После обеда Клаудио пригласил меня к себе. «Поговорим немного?» — спросил он, словно извиняясь за то, что пытается похитить у меня священные полчаса послеобеденной «сьесты». Открыв дверь своего сарая, он пропустил меня вперед, учтиво склонив голову.
Как вы думаете, что можно обнаружить в шалаше человека, живущего в такой точке земного шара, как Диауарум? Ружье? Правильно! Даже не одно: о стрелковых способностях Клаудио в Бразилии ходят легенды. Утверждают, что он способен выстрелами поддерживать в воздухе подброшенную банку, пока не кончатся патроны в магазине карабина.

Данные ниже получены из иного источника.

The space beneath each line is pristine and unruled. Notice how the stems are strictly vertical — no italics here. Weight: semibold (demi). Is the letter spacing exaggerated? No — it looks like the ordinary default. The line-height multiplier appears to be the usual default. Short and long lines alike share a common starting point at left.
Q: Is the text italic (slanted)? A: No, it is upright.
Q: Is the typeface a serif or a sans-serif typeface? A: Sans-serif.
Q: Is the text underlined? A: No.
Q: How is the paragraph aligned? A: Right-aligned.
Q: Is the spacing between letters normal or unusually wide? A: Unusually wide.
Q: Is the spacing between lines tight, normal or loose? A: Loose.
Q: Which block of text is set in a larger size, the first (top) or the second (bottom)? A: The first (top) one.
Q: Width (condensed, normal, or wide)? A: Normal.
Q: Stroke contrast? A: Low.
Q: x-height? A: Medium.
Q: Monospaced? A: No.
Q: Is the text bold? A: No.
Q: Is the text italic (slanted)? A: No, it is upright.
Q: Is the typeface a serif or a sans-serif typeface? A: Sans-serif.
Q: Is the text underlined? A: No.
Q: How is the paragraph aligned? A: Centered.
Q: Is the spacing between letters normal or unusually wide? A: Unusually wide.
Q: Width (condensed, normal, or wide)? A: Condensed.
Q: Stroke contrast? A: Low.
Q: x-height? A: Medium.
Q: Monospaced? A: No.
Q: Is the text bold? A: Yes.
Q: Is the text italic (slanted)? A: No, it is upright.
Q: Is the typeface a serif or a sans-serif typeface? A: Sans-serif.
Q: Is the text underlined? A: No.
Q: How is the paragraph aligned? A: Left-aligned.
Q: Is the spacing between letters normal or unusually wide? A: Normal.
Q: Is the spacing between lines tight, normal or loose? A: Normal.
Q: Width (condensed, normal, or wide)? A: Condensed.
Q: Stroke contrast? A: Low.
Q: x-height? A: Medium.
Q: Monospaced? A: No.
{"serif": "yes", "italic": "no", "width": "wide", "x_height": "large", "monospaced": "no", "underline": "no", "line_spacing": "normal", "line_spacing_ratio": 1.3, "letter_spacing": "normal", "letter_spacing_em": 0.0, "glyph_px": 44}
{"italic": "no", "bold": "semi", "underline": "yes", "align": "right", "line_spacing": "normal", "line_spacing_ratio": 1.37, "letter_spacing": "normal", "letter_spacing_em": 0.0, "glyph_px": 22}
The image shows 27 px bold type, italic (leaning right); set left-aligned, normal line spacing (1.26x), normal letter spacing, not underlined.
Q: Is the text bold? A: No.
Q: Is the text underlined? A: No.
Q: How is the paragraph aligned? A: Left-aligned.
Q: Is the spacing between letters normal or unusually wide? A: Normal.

Что еще?.. Разумеется, гамак, керосиновый фонарь, колченогий табурет, самодельный стол... Одним словом, все то, что можно представить себе в жилище Робинзона... плюс этажерку с колоссальной библиотекой по — чему бы вы думали? — философии! Если бы я это не увидел собственными глазами, я никогда не поверил бы в это! На неуклюжем маленьком стеллаже, стоявшем у стенки с громадными щелями, сквозь которые струился пронзительный солнечный свет, любой аспирант, готовящийся сдать кандидатский минимум по философии, мог бы обойтись в Диауаруме без помощи межбиблиотечного абонемента. К его услугам были бы здесь труды Гексли и Канта, Гегеля и Маркса, Платона и Ленина...

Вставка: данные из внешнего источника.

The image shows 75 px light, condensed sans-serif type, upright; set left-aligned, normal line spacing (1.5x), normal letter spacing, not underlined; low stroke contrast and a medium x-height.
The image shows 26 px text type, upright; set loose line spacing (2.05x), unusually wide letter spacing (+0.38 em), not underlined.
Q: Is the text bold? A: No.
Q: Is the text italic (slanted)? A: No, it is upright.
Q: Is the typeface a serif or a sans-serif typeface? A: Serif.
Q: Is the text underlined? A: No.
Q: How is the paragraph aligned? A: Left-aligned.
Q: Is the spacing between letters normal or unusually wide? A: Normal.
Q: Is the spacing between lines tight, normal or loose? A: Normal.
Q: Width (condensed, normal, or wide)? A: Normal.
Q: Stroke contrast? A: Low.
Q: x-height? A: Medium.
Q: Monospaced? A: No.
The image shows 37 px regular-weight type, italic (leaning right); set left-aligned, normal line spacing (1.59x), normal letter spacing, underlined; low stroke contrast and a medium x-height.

Заметив мое изумление, Клаудио улыбается, словно извиняясь за какую-то неловкость:
— Вот... Увлекаюсь немного. Читаю иногда по вечерам.

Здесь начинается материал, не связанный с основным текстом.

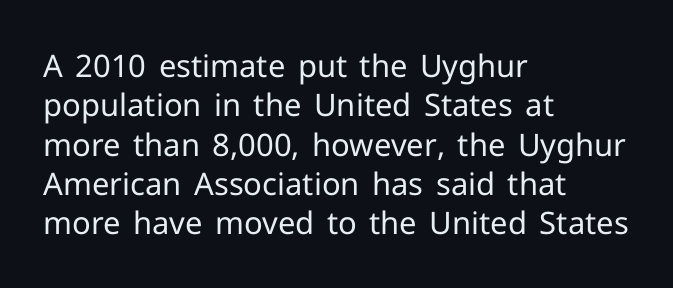
Q: Is the text bold? A: No.
Q: Is the text italic (slanted)? A: No, it is upright.
Q: Is the typeface a serif or a sans-serif typeface? A: Sans-serif.
Q: Is the text underlined? A: No.
Q: How is the paragraph aligned? A: Left-aligned.
Q: Is the spacing between letters normal or unusually wide? A: Normal.
Q: Is the spacing between lines tight, normal or loose? A: Normal.
Q: Width (condensed, normal, or wide)? A: Normal.
Q: Stroke contrast? A: Low.
Q: x-height? A: Medium.
Q: Monospaced? A: No.
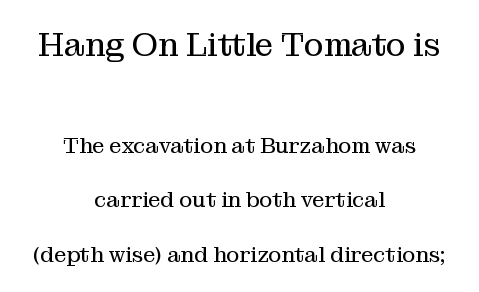
{"serif": "yes", "italic": "no", "bold": "no", "weight": "regular", "width": "normal", "stroke_contrast": "medium", "x_height": "medium", "monospaced": "no", "underline": "no", "align": "center", "line_spacing": "loose", "line_spacing_ratio": 2.47, "letter_spacing": "normal", "letter_spacing_em": 0.0, "larger_block": "first", "size_ratio": 1.5, "glyph_px": 33}
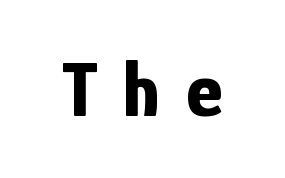
{"serif": "no", "italic": "no", "bold": "yes", "weight": "bold", "width": "condensed", "stroke_contrast": "low", "x_height": "medium", "monospaced": "no", "underline": "no", "letter_spacing": "wide", "letter_spacing_em": 0.32, "glyph_px": 79}
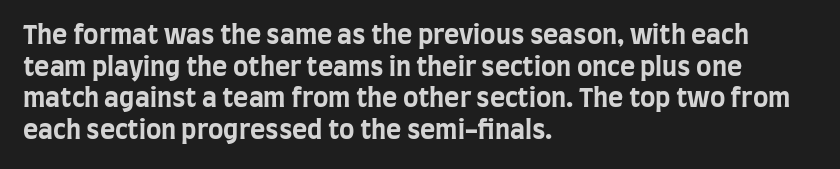
{"italic": "no", "bold": "yes", "underline": "no", "align": "left", "line_spacing_ratio": 1.22, "letter_spacing": "normal", "letter_spacing_em": 0.0, "glyph_px": 26}
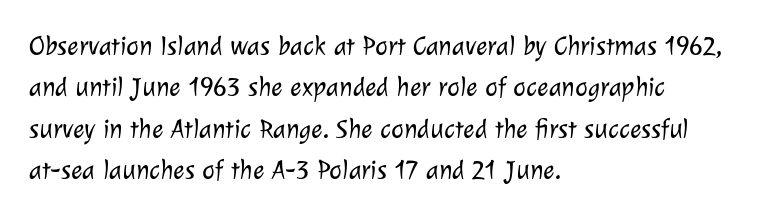
The image shows 27 px text type; set left-aligned, normal line spacing (1.53x), normal letter spacing, not underlined.
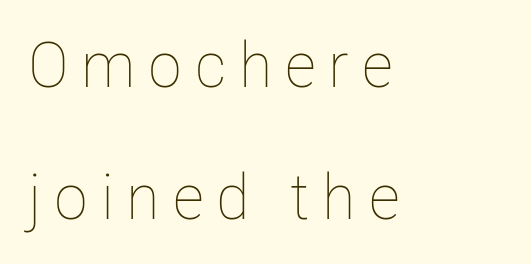
The specimen reads as upright at a glance. This sample trades compactness for vertical openness between lines. The letterforms stand isolated, each surrounded by extra space. These lines are set flush left with a ragged right edge. Character widths vary here, with narrow letters taking less room than wide ones.
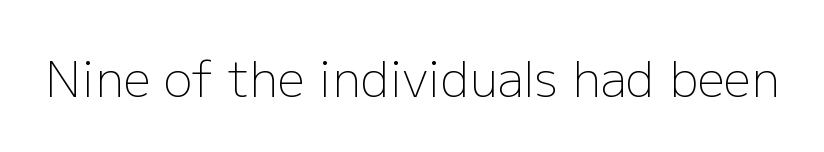
Q: Is the text bold? A: No.
Q: Is the text italic (slanted)? A: No, it is upright.
Q: Is the typeface a serif or a sans-serif typeface? A: Sans-serif.
Q: Is the text underlined? A: No.
Q: Is the spacing between letters normal or unusually wide? A: Normal.
Q: Width (condensed, normal, or wide)? A: Normal.
Q: Stroke contrast? A: Low.
Q: x-height? A: Medium.
Q: Monospaced? A: No.
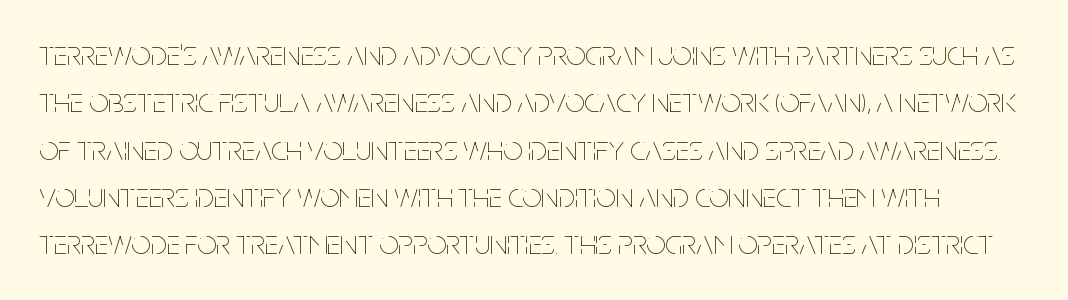
These lines keep a tight, regular rhythm from letter to letter. Normally led — the rows are evenly, conventionally spaced. Characters remain perfectly vertical along every line. A light-to-regular cut is what we see here.
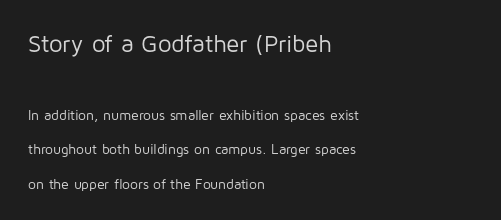
The image shows 24 px text type, upright; set left-aligned, loose line spacing (2.45x), normal letter spacing, not underlined; the first (top) block is 1.71x larger.
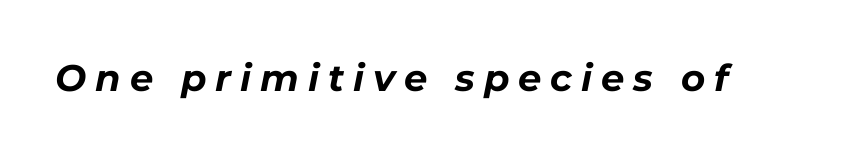
Q: Is the text bold? A: Yes.
Q: Is the text italic (slanted)? A: Yes, it leans right by about 11 degrees.
Q: Is the text underlined? A: No.
Q: Is the spacing between letters normal or unusually wide? A: Unusually wide.
Q: Width (condensed, normal, or wide)? A: Normal.
Q: Stroke contrast? A: Low.
Q: x-height? A: Medium.
Q: Monospaced? A: No.
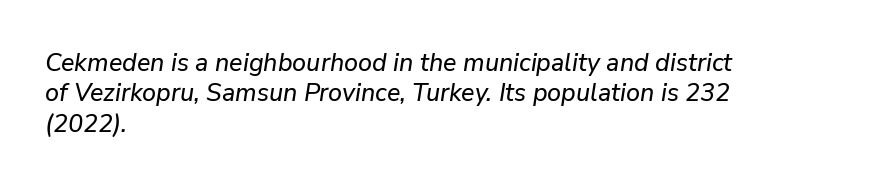
Q: Is the text italic (slanted)? A: Yes, it leans right by about 9 degrees.
Q: Is the text underlined? A: No.
Q: How is the paragraph aligned? A: Left-aligned.
Q: Is the spacing between letters normal or unusually wide? A: Normal.
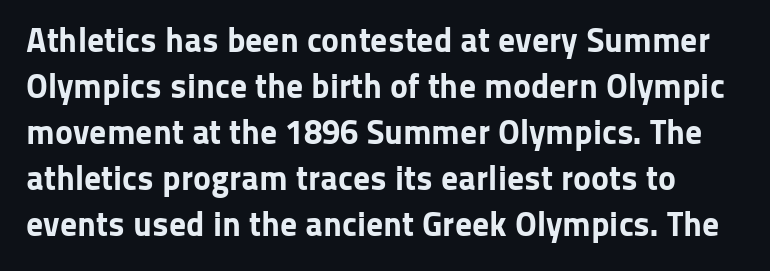
The image shows 34 px bold sans-serif type, upright; set normal line spacing (1.35x), normal letter spacing, not underlined; low stroke contrast and a medium x-height.
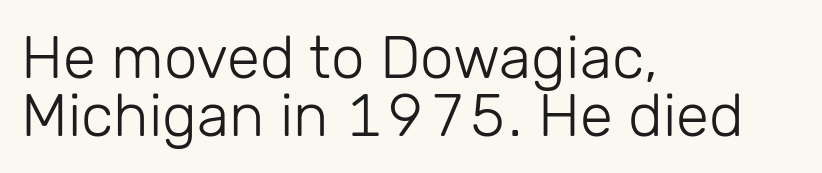
The image shows 60 px light sans-serif type, upright; set left-aligned, tight line spacing (0.97x), normal letter spacing, not underlined; low stroke contrast and a medium x-height.
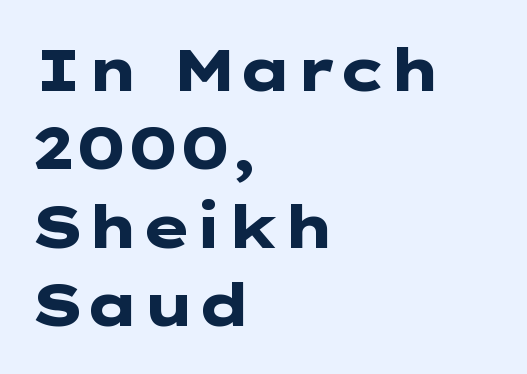
The image shows 59 px heavy, wide sans-serif type, upright; set left-aligned, normal line spacing (1.33x), normal letter spacing, not underlined; low stroke contrast and a medium x-height.

Он подходит к этажерке, задумывается, потом вытаскивает томик «Нищеты философии»:
— Из-за таких книжек был заподозрен в «подрывных идеях». Говорят, внесен даже в какие-то «списки неблагонадежных».
Он ставит книжку на место, кивает мне головой, указывая на табурет, а сам укладывается в гамак, закинув руки за голову.
— А у вас, в вашей стране, можно свободно изучать любую философию?
— Да, конечно.
— И много книг издается по философским проблемам?
— У нас при Академии наук имеется даже специализированный институт философии.
— О, это хорошо. Интересно было бы познакомиться с работами ваших ученых. Скажите, Игорь, а как у вас решена аграрная проблема: мне не совсем ясно, являются ваши кооперативы — «колхозы», так, кажется, они называются? — собственниками земли или нет?
Я объясняю, что земля является у нас собственностью государства, а колхозы получают ее в вечное пользование.
— Любопытно, — говорит Клаудио, словно размышляя вслух. — У нас, в Бразилии, впрочем, вы это, конечно, знаете, аграрная проблема — это корень всех зол. А частная собственность на землю — страшная беда. От этого страдают все, даже индейцы: вы знаете, сколько трудов стоило нам с Орландо отвоевать территорию Парка? Страшно вспомнить. Ведь на эти земли претендовали — и продолжают претендовать! — десятки «сильных» семей штата Мату-Гроссу. В том числе депутаты, политики, крупные коммерсанты, одним словом, те, в чьих руках власть. До сих пор правительство штата игнорирует нас. Делает вид, что мы — Национальный парк Шингу — не существуем!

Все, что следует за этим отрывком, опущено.